«Loj» – le mensonge. En plein jour, à visage découvert, sans sourciller, c’est ainsi qu’il se pratique au Kremlin. L’affaire Skripal lui a donné un nouveau terrain et des occasions de déclinaison aussi inédites qu’embarrassantes.
Le site d'investigation Bellingcat a établi récemment l'identité de l'un des deux empoisonneurs de Salisbury. «Rouslan Bochirov» ne serait autre que le colonel Anatoli Tchepiga, un officier du renseignement militaire russe, qui a servi en Tchétchénie et dans le Donbass, si bien qu'il a même été adoubé «héros de la Fédération de Russie», la plus haute distinction qui soit, par le président Vladimir Poutine en personne.

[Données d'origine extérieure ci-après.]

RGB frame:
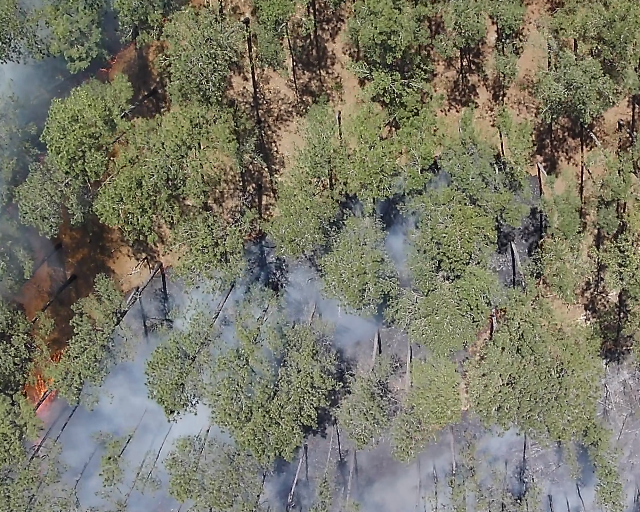
Thermal frame:
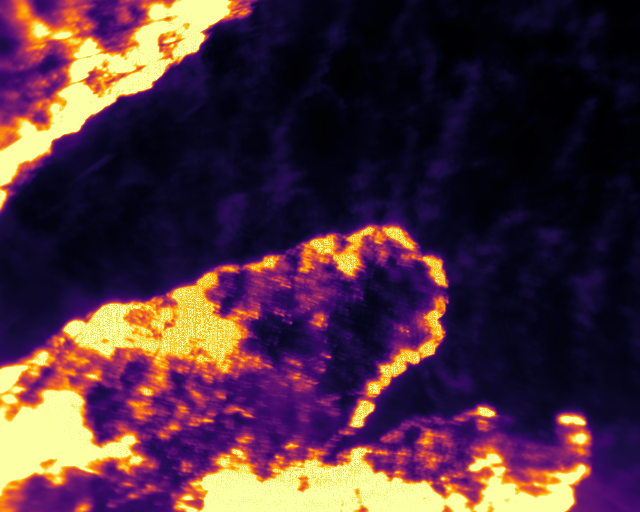
Captured: 2026-02-27 02:38:10
Pixels at or above 80 °C: 88184 (fraction of frame: 0.2691)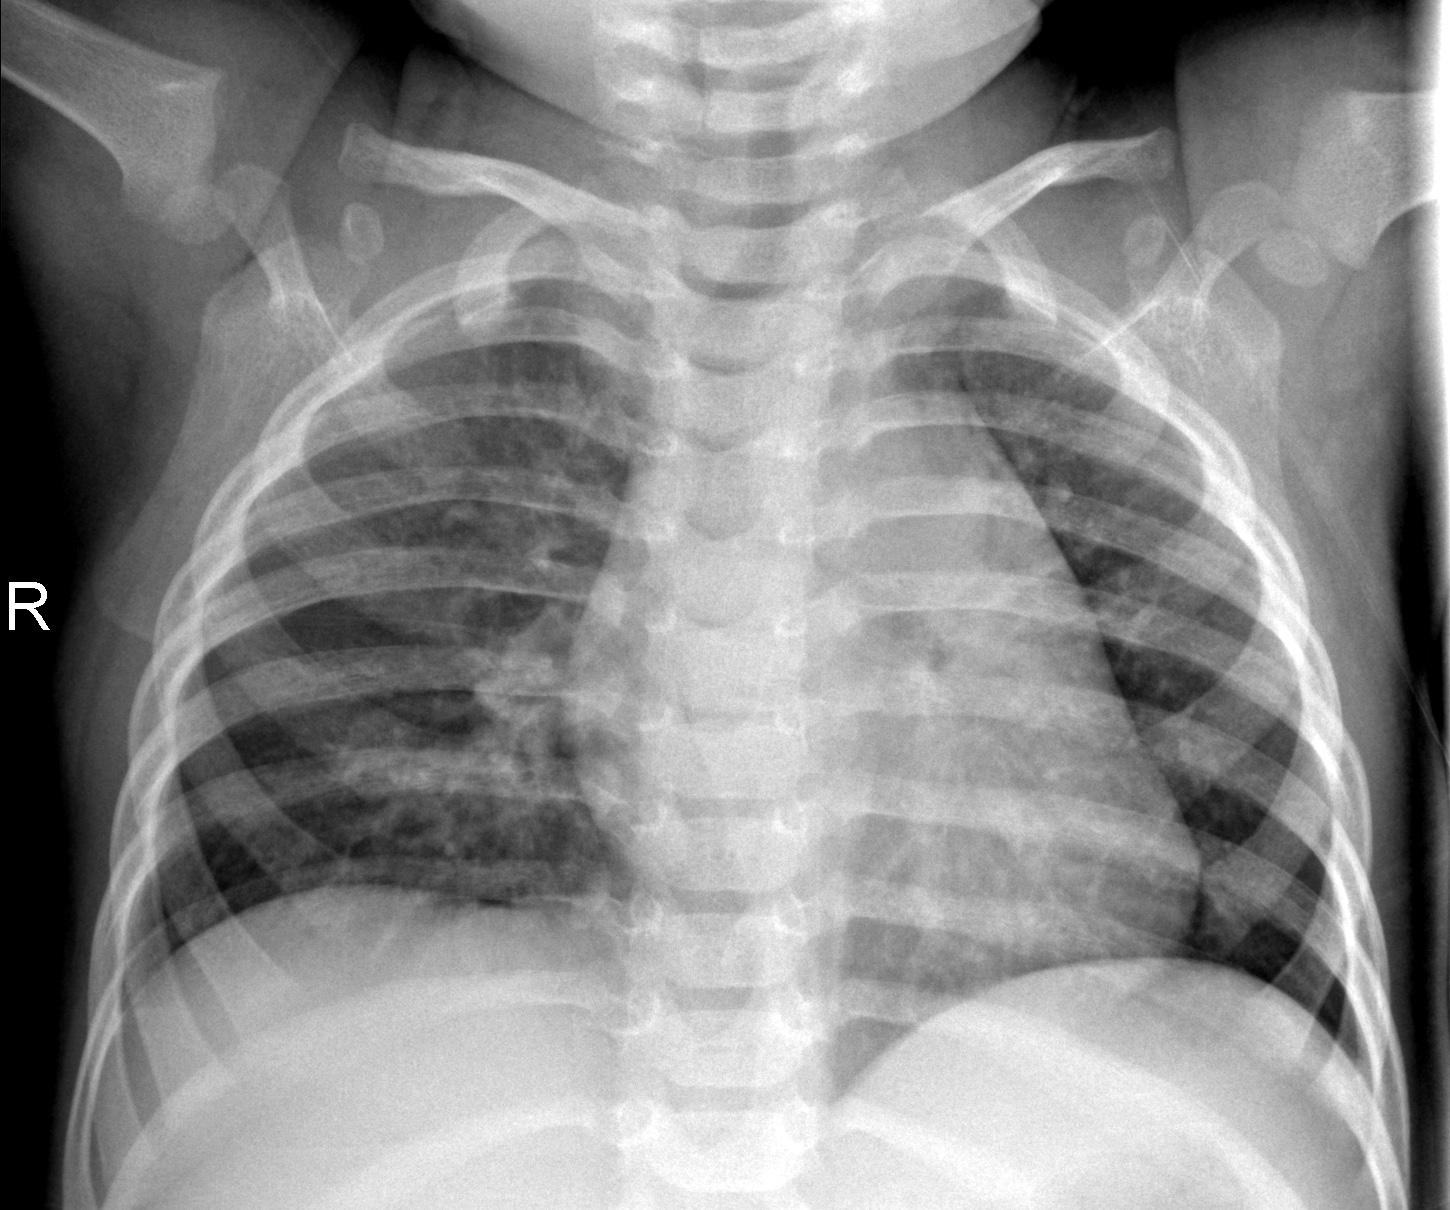
Diagnosis: NORMAL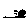
Label: moon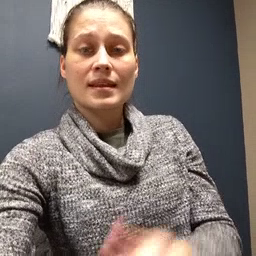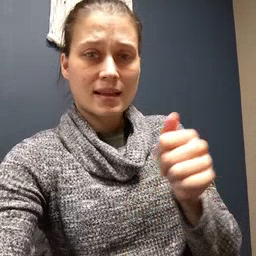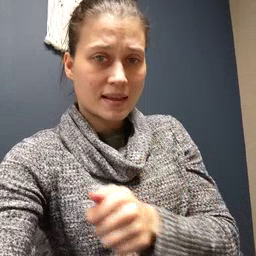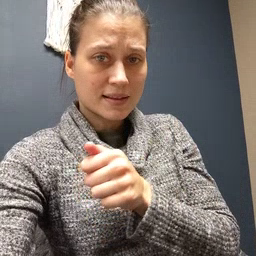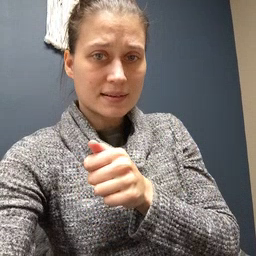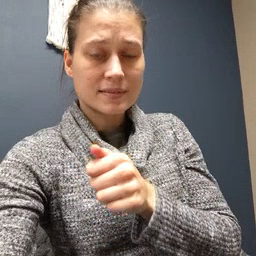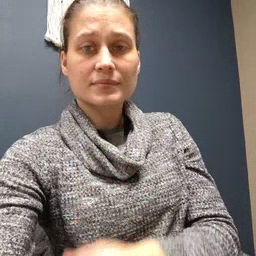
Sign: hide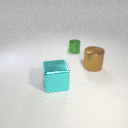
small green metal cylinder behind large brown metal cylinder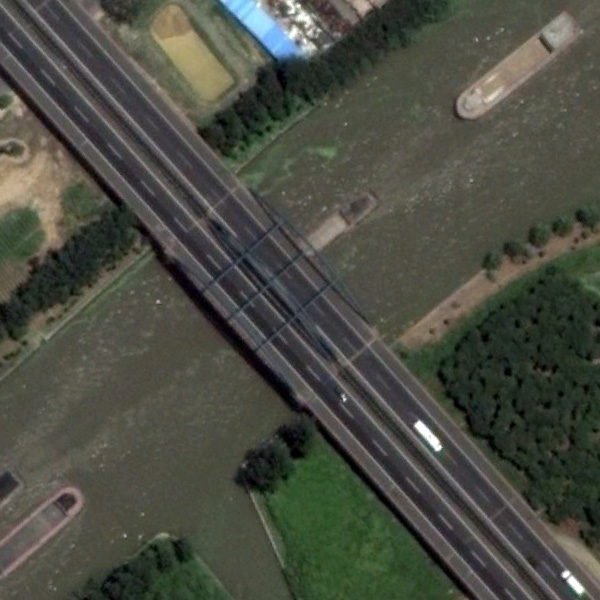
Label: Bridge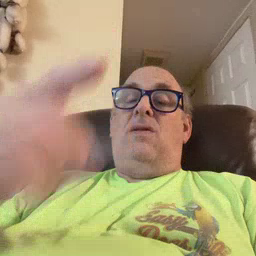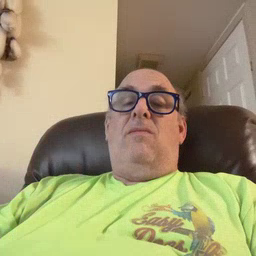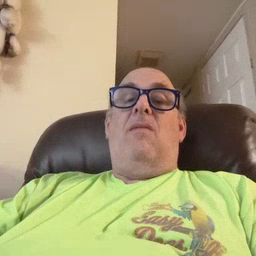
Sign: see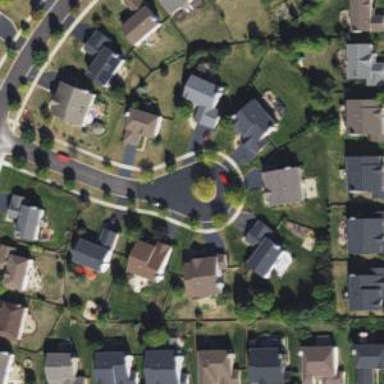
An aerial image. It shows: Residential road with asphalt surface and separate sidewalk.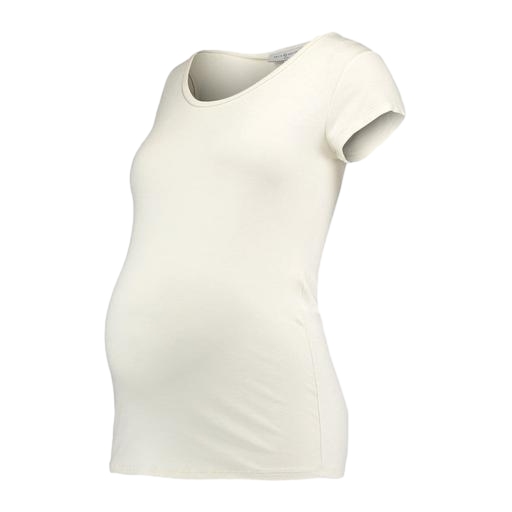
white diane maternity top, multicolor maternity ivory longline, cream t-shirt, white background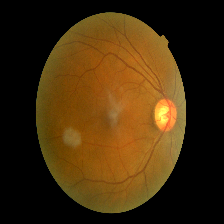
Diabetic retinopathy grade: Mild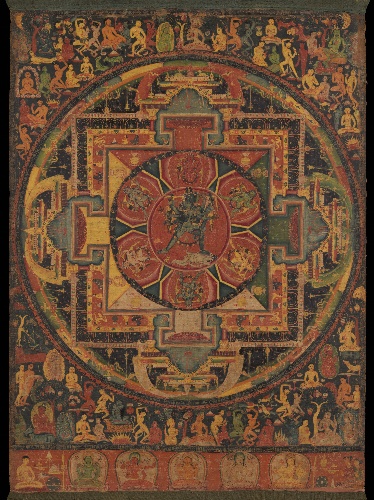
Date: ca. 1100
Object type: Tangka
Classification: Paintings
Medium: Distemper on cloth
Culture: Nepal
Period: Thakuri–early Malla periods
Dimensions: Image: 26 1/2 x 19 3/4 in. (67.3 x 50.2 cm); Framed: 48 x 33 in. (121.9 x 83.8 cm)
Department: Asian Art
Credit line: Rogers Fund, 1995
Accession year: 1995
Repository: Metropolitan Museum of Art, New York, NY
Tags: Goddess|Deities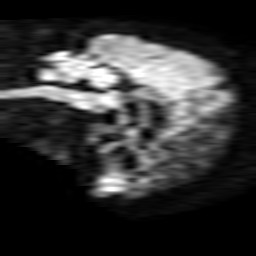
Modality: TRACE
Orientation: sagittal
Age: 65
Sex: female
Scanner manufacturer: philips
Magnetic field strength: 1.5 T
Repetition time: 4.824 s
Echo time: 0.07764 s

Or, le même Vladimir Poutine avait déclaré avec nonchalance une semaine plus tôt que les deux hommes accusés par Londres d'avoir empoisonné l'ex-espion et sa fille étaient de «simples citoyens». D'ailleurs, ils n'ont tellement rien à cacher qu'ils n'ont qu'à passer à la télé, avait ajouté Poutine, n'hésitant pas à envoyer ses hommes au pilori médiatique. S'en est suivie la douloureuse interview sur la chaîne RT, durant laquelle deux individus clairement hors-sol ont maladroitement étalé une légende floue sur un séjour touristique de deux amis férus de fitness, dans le but d'admirer la flèche d'une cathédrale, tout en essayant de ne pas succomber à la terrible météo de la campagne anglaise, en partageant la même chambre parce que c'est plus convivial. Deux hommes d'affaires, «amis», en vacances, injustement accusés par Londres. Voilà la seule parade officielle de Moscou face à l'avalanche de détails qui continue de déferler.
Salades
Interrogé vendredi sur le fait que le touriste Rouslan Bochirov a la même tête que l'agent du GRU Anatoli Tchepiga, l'éternellement goguenard porte-parole du Kremlin, Dmitri Peskov, n'a pas perdu ses moyens. «Toutes ces considérations, qui ressemble à qui, etc., vous savez, sur la place Rouge, il y a dix Staline et quinze Lénine, et tous sont extrêmement ressemblants avec l'original», a-t-il tranché, en faisant référence aux sosies des personnages historiques qui pratiquent des prix prohibitifs de selfies avec les vrais touristes dans le centre de Moscou.
Le Kremlin ricane et chine, crie au mensonge et à la désinformation à chaque nouvel élément qui vient nourrir la saga Skripal, et propose comme «version vraie» une histoire sans queue ni tête à laquelle personne ne croit, y compris parmi les chantres de la ligne officielle. Comme le souligne le chroniqueur politique Oleg Kashine, on peut ne pas accorder de foi aux révélations de Bellingcat ou aux arguments de Londres. En revanche, il est impossible de gober les salades des touristes Bochirov et Petrov. Or, désormais, le patriote, le citoyen loyal au pouvoir, en plus de célébrer la grandeur de la Russie et de vénérer son leader, doit aussi adhérer à cet indubitable mensonge.